■ What you need to do:
Output each entry verbatim and exclude every picture from it.

■ Exercise input:
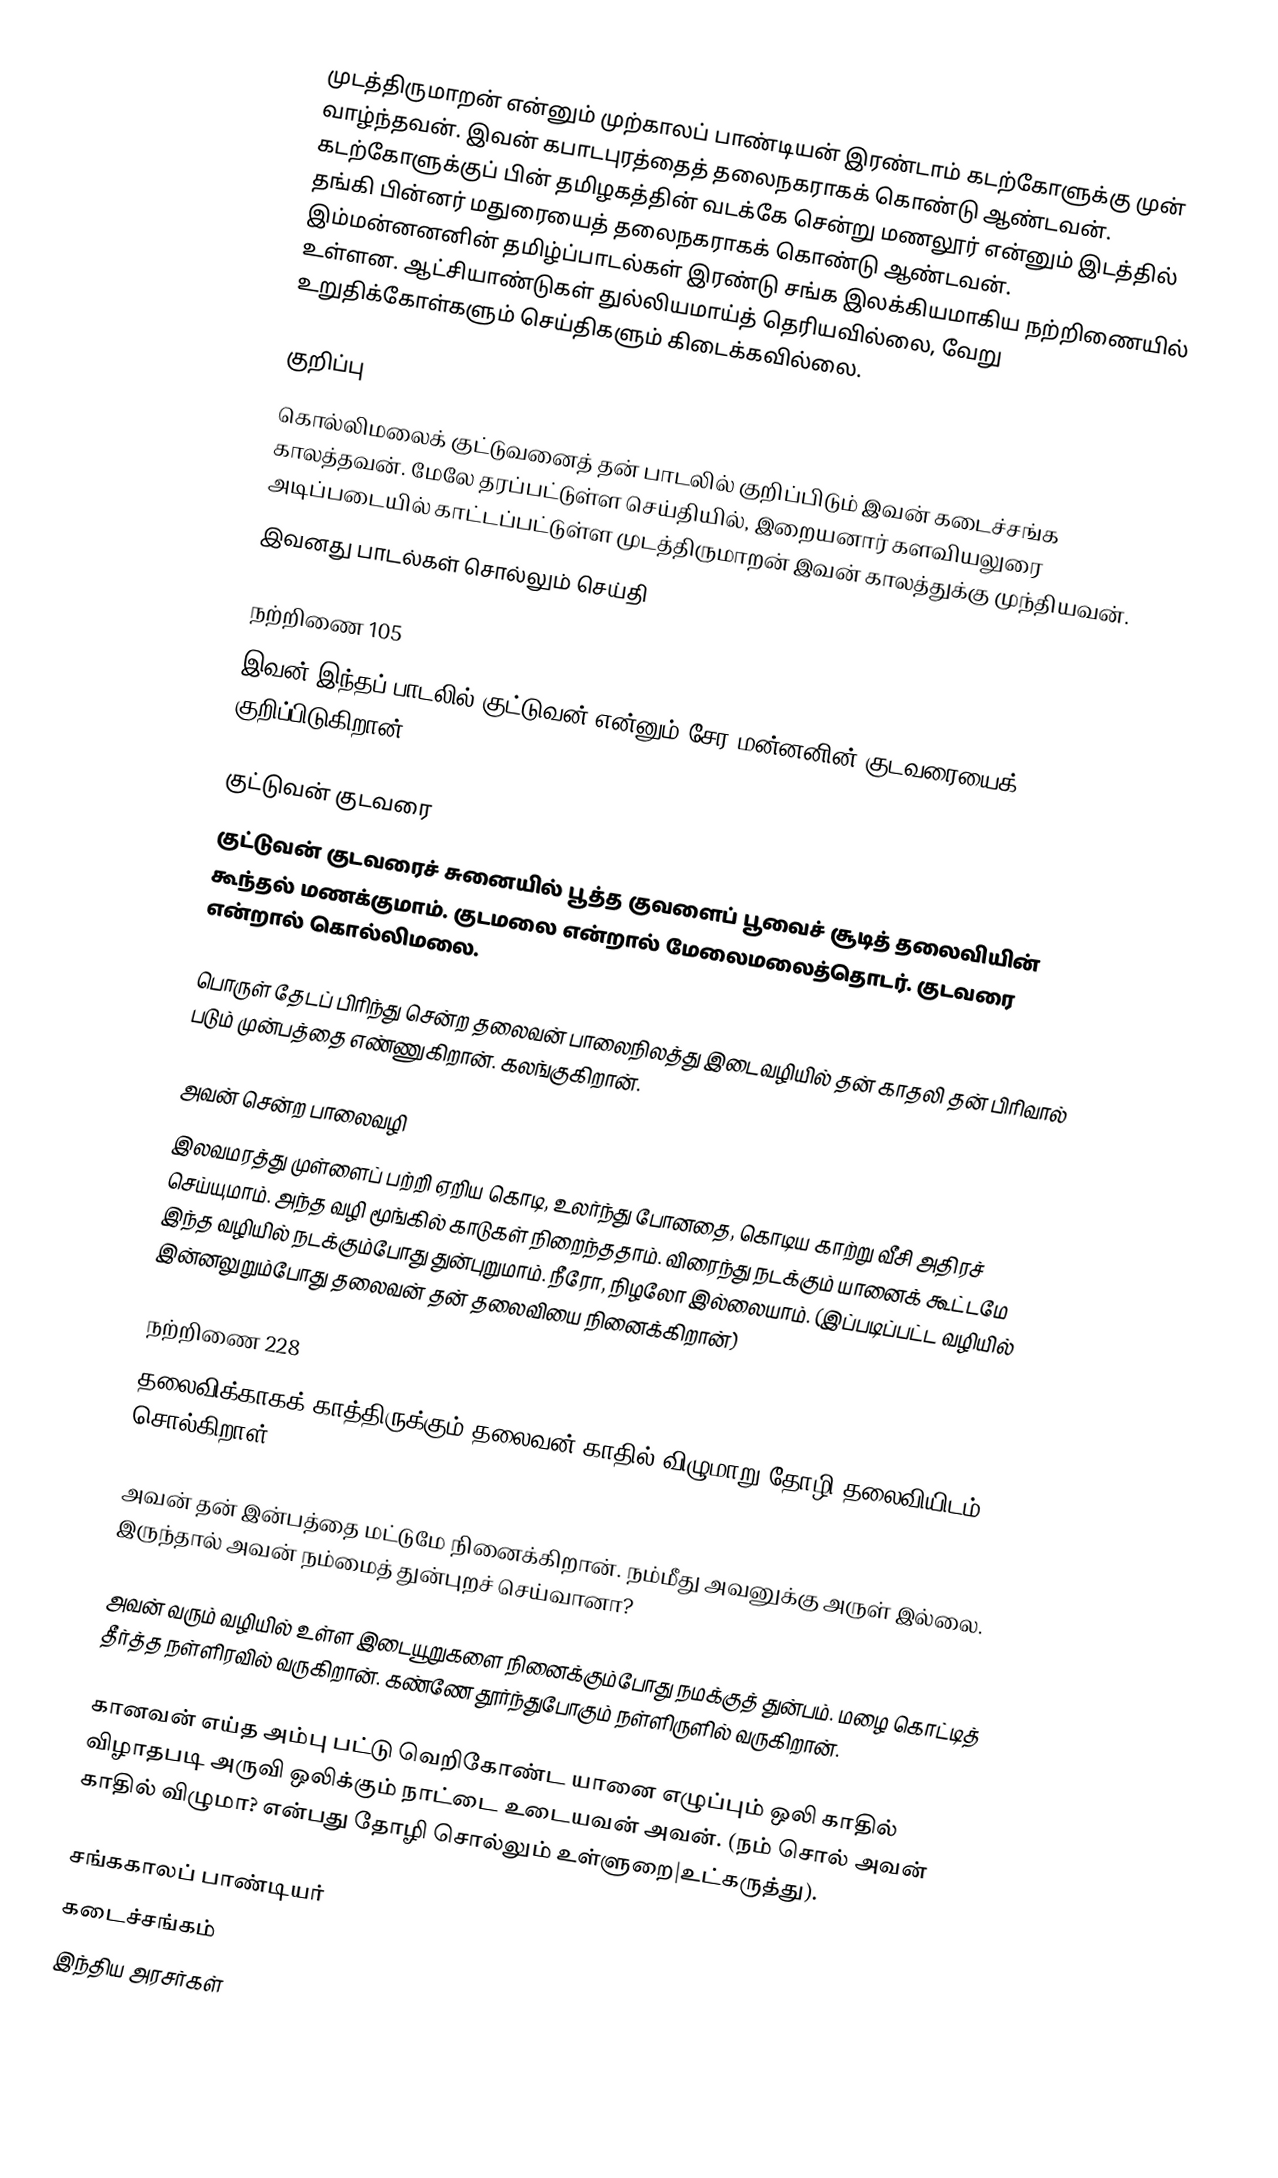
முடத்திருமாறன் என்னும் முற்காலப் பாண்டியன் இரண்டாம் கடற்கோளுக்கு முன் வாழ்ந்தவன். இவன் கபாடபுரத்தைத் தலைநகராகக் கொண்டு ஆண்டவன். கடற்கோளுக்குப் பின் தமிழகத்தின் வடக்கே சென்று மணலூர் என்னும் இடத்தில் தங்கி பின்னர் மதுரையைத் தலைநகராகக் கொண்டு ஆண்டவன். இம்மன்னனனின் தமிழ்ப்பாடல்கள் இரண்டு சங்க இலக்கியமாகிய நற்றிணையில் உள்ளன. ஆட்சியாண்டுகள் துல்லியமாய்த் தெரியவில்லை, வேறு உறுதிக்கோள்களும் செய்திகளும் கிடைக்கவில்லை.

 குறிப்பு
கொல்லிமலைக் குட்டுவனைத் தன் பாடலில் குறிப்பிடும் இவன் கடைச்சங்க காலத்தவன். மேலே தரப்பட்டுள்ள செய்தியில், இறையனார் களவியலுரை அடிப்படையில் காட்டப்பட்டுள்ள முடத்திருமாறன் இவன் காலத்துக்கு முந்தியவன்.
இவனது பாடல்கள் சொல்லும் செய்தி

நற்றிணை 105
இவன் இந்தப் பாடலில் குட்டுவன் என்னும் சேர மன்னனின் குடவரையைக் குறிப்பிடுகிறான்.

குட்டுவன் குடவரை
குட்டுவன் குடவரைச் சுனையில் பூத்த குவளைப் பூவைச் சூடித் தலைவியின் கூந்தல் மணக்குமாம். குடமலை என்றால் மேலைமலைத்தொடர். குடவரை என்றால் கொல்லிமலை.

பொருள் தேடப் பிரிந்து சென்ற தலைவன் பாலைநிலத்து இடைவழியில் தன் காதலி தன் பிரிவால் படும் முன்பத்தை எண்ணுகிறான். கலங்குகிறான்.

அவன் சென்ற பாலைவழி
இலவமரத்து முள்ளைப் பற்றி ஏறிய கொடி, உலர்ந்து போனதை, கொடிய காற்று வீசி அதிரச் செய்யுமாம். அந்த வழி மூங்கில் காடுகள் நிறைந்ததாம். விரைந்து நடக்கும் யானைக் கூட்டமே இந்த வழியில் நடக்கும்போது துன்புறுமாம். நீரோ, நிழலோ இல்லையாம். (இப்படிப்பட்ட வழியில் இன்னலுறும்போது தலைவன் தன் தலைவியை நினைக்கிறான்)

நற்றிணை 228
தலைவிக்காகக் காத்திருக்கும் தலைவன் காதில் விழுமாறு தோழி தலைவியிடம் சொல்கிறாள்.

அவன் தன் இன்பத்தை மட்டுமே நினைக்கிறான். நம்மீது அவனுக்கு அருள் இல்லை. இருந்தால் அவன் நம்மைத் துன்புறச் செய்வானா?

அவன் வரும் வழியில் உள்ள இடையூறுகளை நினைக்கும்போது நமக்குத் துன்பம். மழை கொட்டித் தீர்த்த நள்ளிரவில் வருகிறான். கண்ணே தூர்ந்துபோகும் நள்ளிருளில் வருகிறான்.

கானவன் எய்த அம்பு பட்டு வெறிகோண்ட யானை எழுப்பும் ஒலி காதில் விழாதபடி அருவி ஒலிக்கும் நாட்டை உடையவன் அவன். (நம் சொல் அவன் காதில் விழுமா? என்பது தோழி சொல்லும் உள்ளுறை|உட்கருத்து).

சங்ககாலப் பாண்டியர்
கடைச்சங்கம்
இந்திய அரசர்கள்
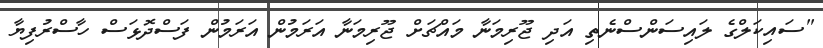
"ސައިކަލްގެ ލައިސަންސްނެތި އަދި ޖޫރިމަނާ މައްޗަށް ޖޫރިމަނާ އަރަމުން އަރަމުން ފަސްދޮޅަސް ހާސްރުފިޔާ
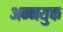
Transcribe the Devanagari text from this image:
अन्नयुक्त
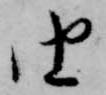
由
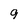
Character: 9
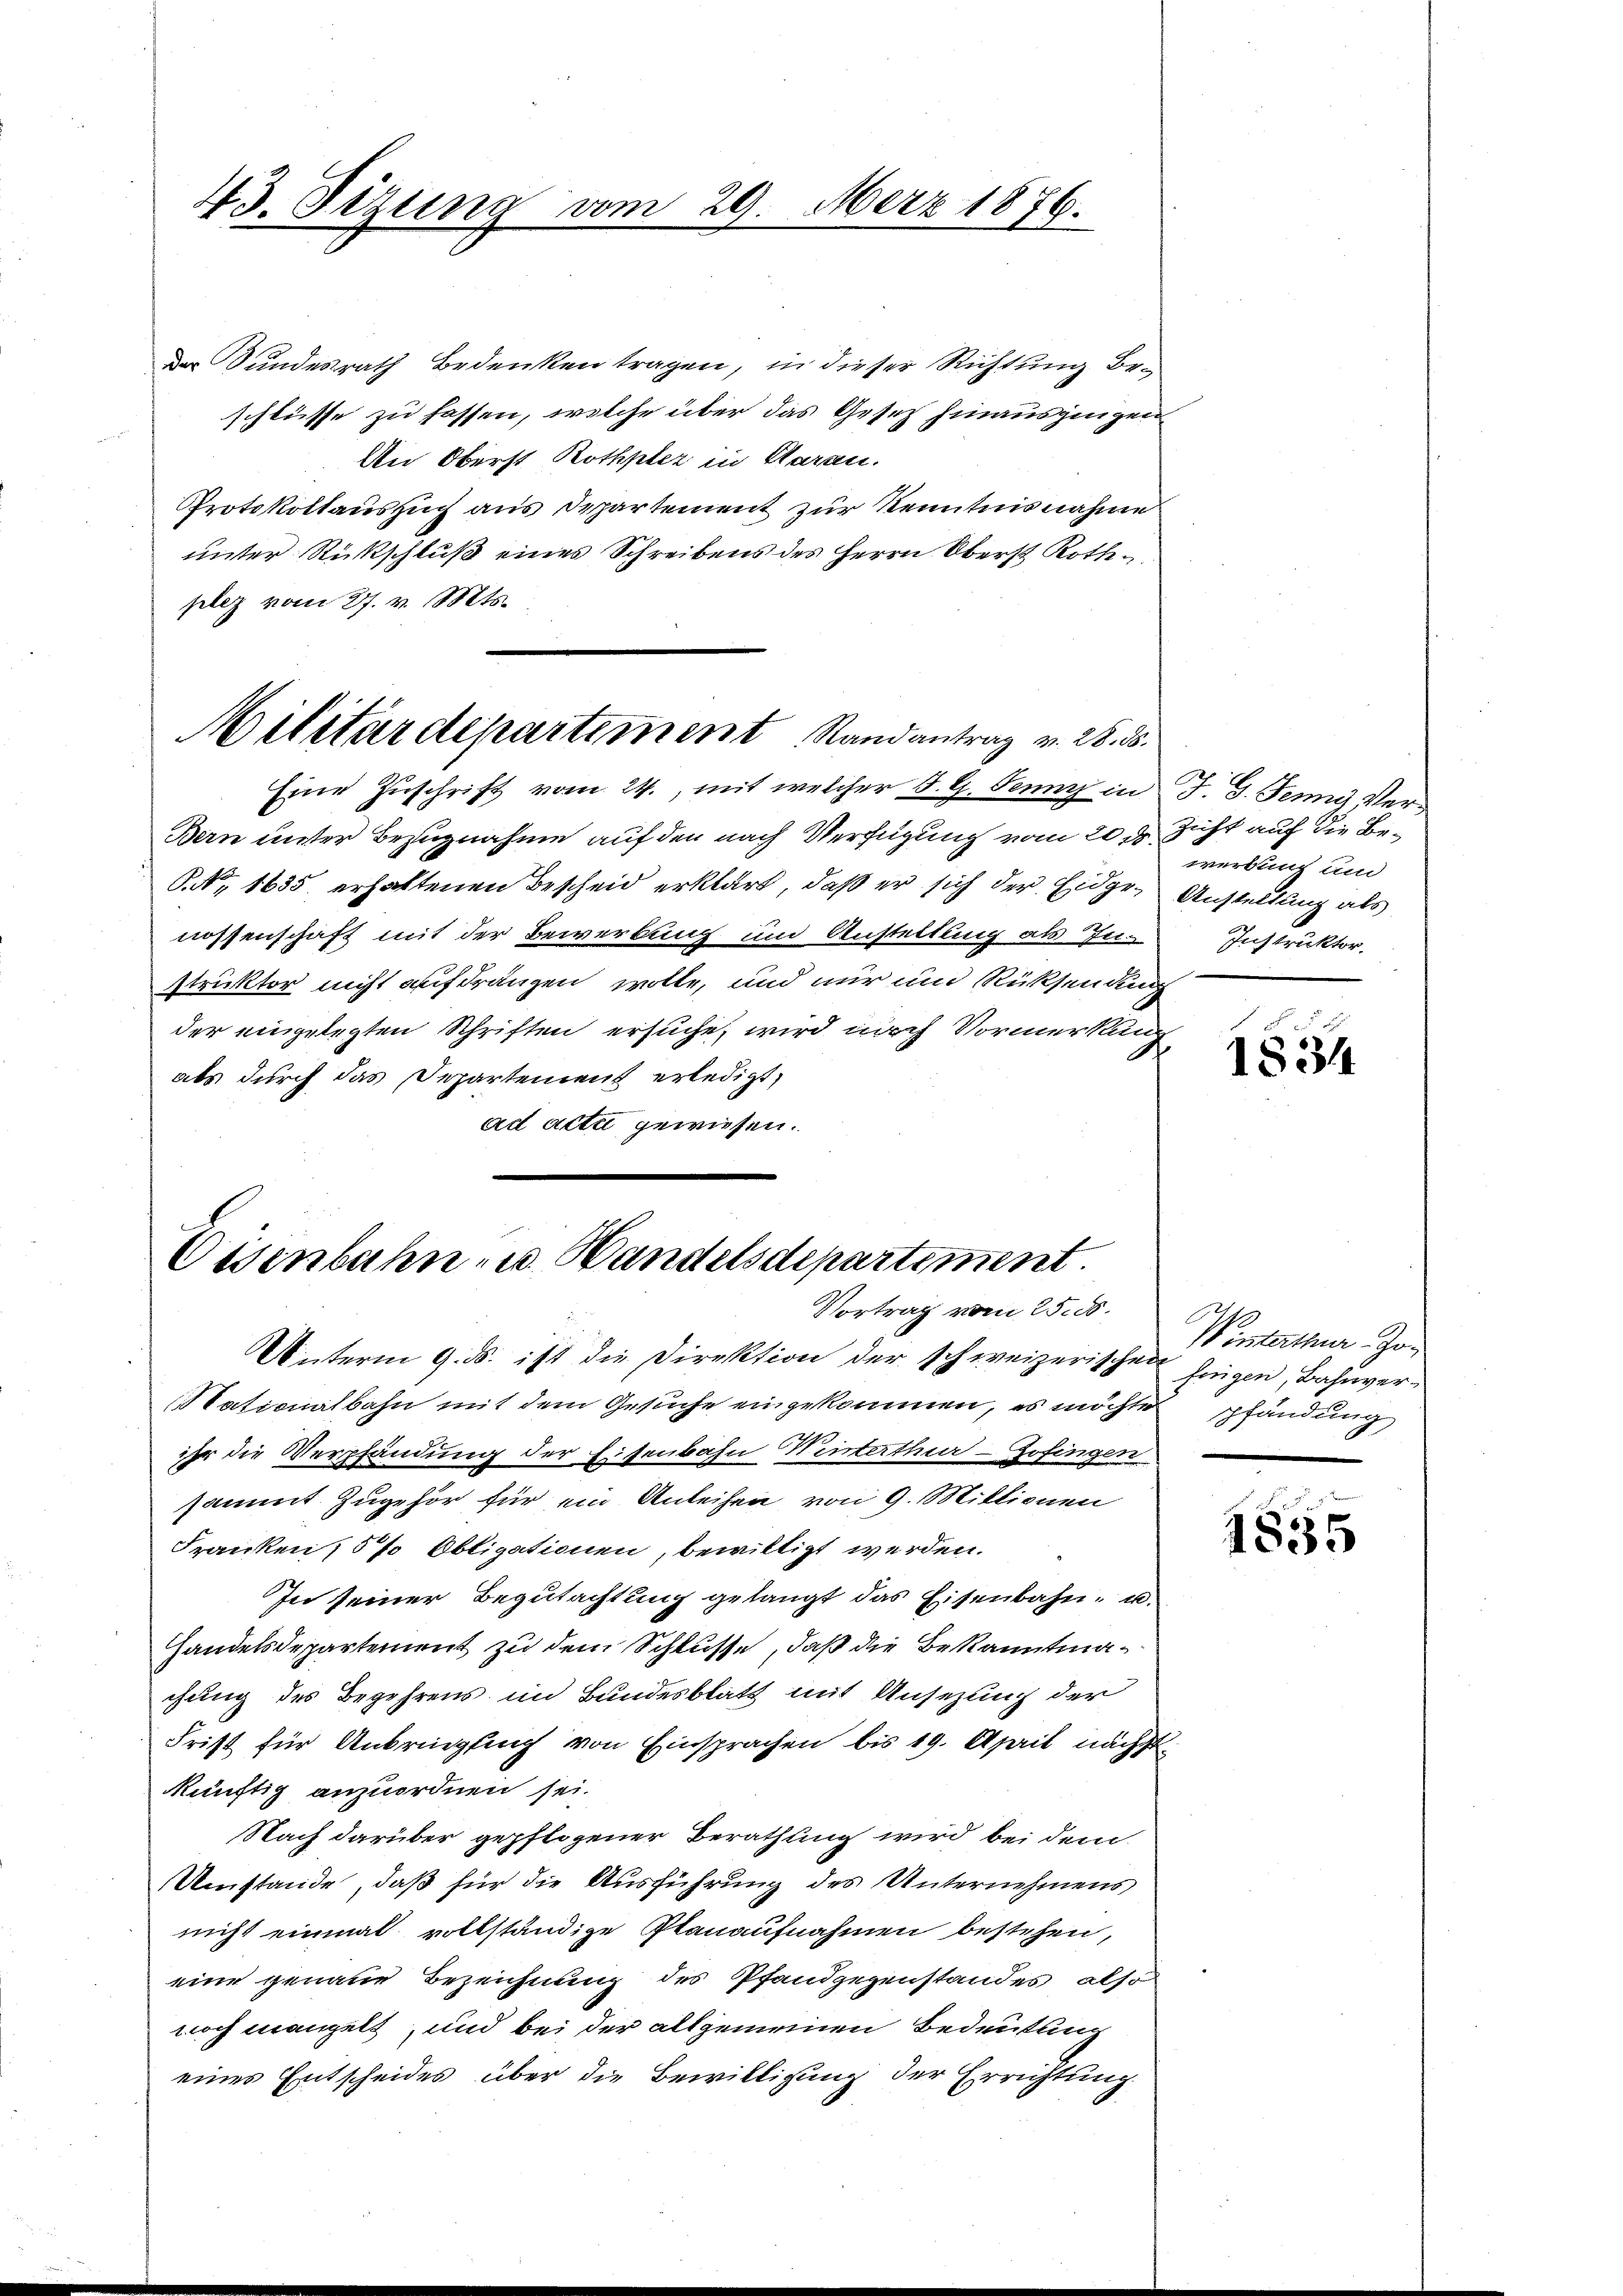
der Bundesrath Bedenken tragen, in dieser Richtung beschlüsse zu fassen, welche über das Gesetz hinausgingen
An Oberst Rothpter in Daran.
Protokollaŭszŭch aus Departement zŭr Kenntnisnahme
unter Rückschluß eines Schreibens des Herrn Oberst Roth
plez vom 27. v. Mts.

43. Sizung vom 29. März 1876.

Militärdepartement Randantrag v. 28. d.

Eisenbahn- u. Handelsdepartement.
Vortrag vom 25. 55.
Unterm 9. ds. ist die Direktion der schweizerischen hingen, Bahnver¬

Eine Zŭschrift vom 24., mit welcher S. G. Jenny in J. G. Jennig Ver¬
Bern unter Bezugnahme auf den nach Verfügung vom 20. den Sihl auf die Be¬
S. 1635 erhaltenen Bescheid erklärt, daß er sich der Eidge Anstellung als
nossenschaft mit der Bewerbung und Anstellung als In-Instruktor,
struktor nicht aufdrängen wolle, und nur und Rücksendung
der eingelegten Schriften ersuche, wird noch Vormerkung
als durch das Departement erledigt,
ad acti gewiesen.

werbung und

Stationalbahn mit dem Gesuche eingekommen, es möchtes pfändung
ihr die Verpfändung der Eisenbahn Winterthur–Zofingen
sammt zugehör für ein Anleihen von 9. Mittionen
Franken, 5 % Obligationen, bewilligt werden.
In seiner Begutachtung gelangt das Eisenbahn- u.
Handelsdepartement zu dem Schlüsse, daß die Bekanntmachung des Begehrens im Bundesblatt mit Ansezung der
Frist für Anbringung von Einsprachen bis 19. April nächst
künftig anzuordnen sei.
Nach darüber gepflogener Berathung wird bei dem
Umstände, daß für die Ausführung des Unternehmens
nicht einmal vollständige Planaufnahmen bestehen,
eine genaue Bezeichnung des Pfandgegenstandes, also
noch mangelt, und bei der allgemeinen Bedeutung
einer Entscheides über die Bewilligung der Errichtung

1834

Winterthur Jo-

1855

■ Task solution:
முடத்திருமாறன் என்னும் முற்காலப் பாண்டியன் இரண்டாம் கடற்கோளுக்கு முன் வாழ்ந்தவன். இவன் கபாடபுரத்தைத் தலைநகராகக் கொண்டு ஆண்டவன். கடற்கோளுக்குப் பின் தமிழகத்தின் வடக்கே சென்று மணலூர் என்னும் இடத்தில் தங்கி பின்னர் மதுரையைத் தலைநகராகக் கொண்டு ஆண்டவன். இம்மன்னனனின் தமிழ்ப்பாடல்கள் இரண்டு சங்க இலக்கியமாகிய நற்றிணையில் உள்ளன. ஆட்சியாண்டுகள் துல்லியமாய்த் தெரியவில்லை, வேறு உறுதிக்கோள்களும் செய்திகளும் கிடைக்கவில்லை.

 குறிப்பு
கொல்லிமலைக் குட்டுவனைத் தன் பாடலில் குறிப்பிடும் இவன் கடைச்சங்க காலத்தவன். மேலே தரப்பட்டுள்ள செய்தியில், இறையனார் களவியலுரை அடிப்படையில் காட்டப்பட்டுள்ள முடத்திருமாறன் இவன் காலத்துக்கு முந்தியவன்.
இவனது பாடல்கள் சொல்லும் செய்தி

நற்றிணை 105
இவன் இந்தப் பாடலில் குட்டுவன் என்னும் சேர மன்னனின் குடவரையைக் குறிப்பிடுகிறான்.

குட்டுவன் குடவரை
குட்டுவன் குடவரைச் சுனையில் பூத்த குவளைப் பூவைச் சூடித் தலைவியின் கூந்தல் மணக்குமாம். குடமலை என்றால் மேலைமலைத்தொடர். குடவரை என்றால் கொல்லிமலை.

பொருள் தேடப் பிரிந்து சென்ற தலைவன் பாலைநிலத்து இடைவழியில் தன் காதலி தன் பிரிவால் படும் முன்பத்தை எண்ணுகிறான். கலங்குகிறான்.

அவன் சென்ற பாலைவழி
இலவமரத்து முள்ளைப் பற்றி ஏறிய கொடி, உலர்ந்து போனதை, கொடிய காற்று வீசி அதிரச் செய்யுமாம். அந்த வழி மூங்கில் காடுகள் நிறைந்ததாம். விரைந்து நடக்கும் யானைக் கூட்டமே இந்த வழியில் நடக்கும்போது துன்புறுமாம். நீரோ, நிழலோ இல்லையாம். (இப்படிப்பட்ட வழியில் இன்னலுறும்போது தலைவன் தன் தலைவியை நினைக்கிறான்)

நற்றிணை 228
தலைவிக்காகக் காத்திருக்கும் தலைவன் காதில் விழுமாறு தோழி தலைவியிடம் சொல்கிறாள்.

அவன் தன் இன்பத்தை மட்டுமே நினைக்கிறான். நம்மீது அவனுக்கு அருள் இல்லை. இருந்தால் அவன் நம்மைத் துன்புறச் செய்வானா?

அவன் வரும் வழியில் உள்ள இடையூறுகளை நினைக்கும்போது நமக்குத் துன்பம். மழை கொட்டித் தீர்த்த நள்ளிரவில் வருகிறான். கண்ணே தூர்ந்துபோகும் நள்ளிருளில் வருகிறான்.

கானவன் எய்த அம்பு பட்டு வெறிகோண்ட யானை எழுப்பும் ஒலி காதில் விழாதபடி அருவி ஒலிக்கும் நாட்டை உடையவன் அவன். (நம் சொல் அவன் காதில் விழுமா? என்பது தோழி சொல்லும் உள்ளுறை|உட்கருத்து).

சங்ககாலப் பாண்டியர்
கடைச்சங்கம்
இந்திய அரசர்கள்
"ސައިކަލްގެ ލައިސަންސްނެތި އަދި ޖޫރިމަނާ މައްޗަށް ޖޫރިމަނާ އަރަމުން އަރަމުން ފަސްދޮޅަސް ހާސްރުފިޔާ
Transcribe the Devanagari text from this image:
अन्नयुक्त
由
Character: 9
der Bundesrath Bedenken tragen, in dieser Richtung beschlüsse zu fassen, welche über das Gesetz hinausgingen
An Oberst Rothpter in Daran.
Protokollaŭszŭch aus Departement zŭr Kenntnisnahme
unter Rückschluß eines Schreibens des Herrn Oberst Roth
plez vom 27. v. Mts.

43. Sizung vom 29. März 1876.

Militärdepartement Randantrag v. 28. d.

Eisenbahn- u. Handelsdepartement.
Vortrag vom 25. 55.
Unterm 9. ds. ist die Direktion der schweizerischen hingen, Bahnver¬

Eine Zŭschrift vom 24., mit welcher S. G. Jenny in J. G. Jennig Ver¬
Bern unter Bezugnahme auf den nach Verfügung vom 20. den Sihl auf die Be¬
S. 1635 erhaltenen Bescheid erklärt, daß er sich der Eidge Anstellung als
nossenschaft mit der Bewerbung und Anstellung als In-Instruktor,
struktor nicht aufdrängen wolle, und nur und Rücksendung
der eingelegten Schriften ersuche, wird noch Vormerkung
als durch das Departement erledigt,
ad acti gewiesen.

werbung und

Stationalbahn mit dem Gesuche eingekommen, es möchtes pfändung
ihr die Verpfändung der Eisenbahn Winterthur–Zofingen
sammt zugehör für ein Anleihen von 9. Mittionen
Franken, 5 % Obligationen, bewilligt werden.
In seiner Begutachtung gelangt das Eisenbahn- u.
Handelsdepartement zu dem Schlüsse, daß die Bekanntmachung des Begehrens im Bundesblatt mit Ansezung der
Frist für Anbringung von Einsprachen bis 19. April nächst
künftig anzuordnen sei.
Nach darüber gepflogener Berathung wird bei dem
Umstände, daß für die Ausführung des Unternehmens
nicht einmal vollständige Planaufnahmen bestehen,
eine genaue Bezeichnung des Pfandgegenstandes, also
noch mangelt, und bei der allgemeinen Bedeutung
einer Entscheides über die Bewilligung der Errichtung

1834

Winterthur Jo-

1855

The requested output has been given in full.